Personal information
- Born: Amagasaki, Hyogo, Japan

Professional wrestling career
- Billed height: 5 ft 7 in (1.70 m)
- Billed weight: 176 lb (80 kg)
- Billed from: Japan
- Trained by: Kaz Hayashi; El Pantera; All Japan Pro Wrestling Dojo;
- Debut: July 15, 2012

= Andy Wu (wrestler) =

Japanese professional wrestler

Andy Wu (アンディ・ウー, Andi Ū) is a Japanese professional wrestler. He is currently performs independent circuit. He is best known for his time with Wrestle-1 and All Japan Pro Wrestling (AJPW).

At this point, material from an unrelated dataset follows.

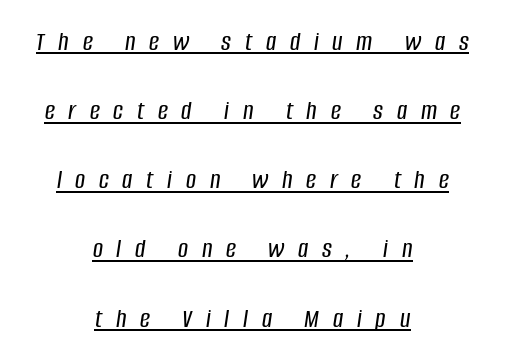
Loose tracking; the words dissolve into strings of separated letters. The leading is generous, giving the passage an open texture. Quick note: italic. A typesetter would call this proportional, since set widths differ per character.

==Professional wrestling career==

===All Japan Pro Wrestling (2012–2013)===
Andy Wu debuted for All Japan Pro Wrestling (AJPW) on July 15, 2012, teaming with Yasufumi Nakanoue in a losing effort against Minoru Tanaka and Gillette. In July, he entered the 2012 Junior Hyper League but finishes with no wins. He also competed in the 2013 Junior Hyper Tag League with Sushi and managed to pick up two wins but would not proceed to the next stage. Afterwards, Wu would go on a learning excursion to Mexico to train under Pantera. He wrestled briefly whilst in Mexico, making rare appearances in Queretaro in the summer and wrestling a dark match for International Wrestling Revolution Group (IWRG) on August 18.

During his time in Mexico, backstage issues led to the resignation of Keiji Mutoh and several other wrestlers effective July 1. When Wu returned to Japan, he would choose to follow Mutoh to Wrestle-1 and not return to AJPW.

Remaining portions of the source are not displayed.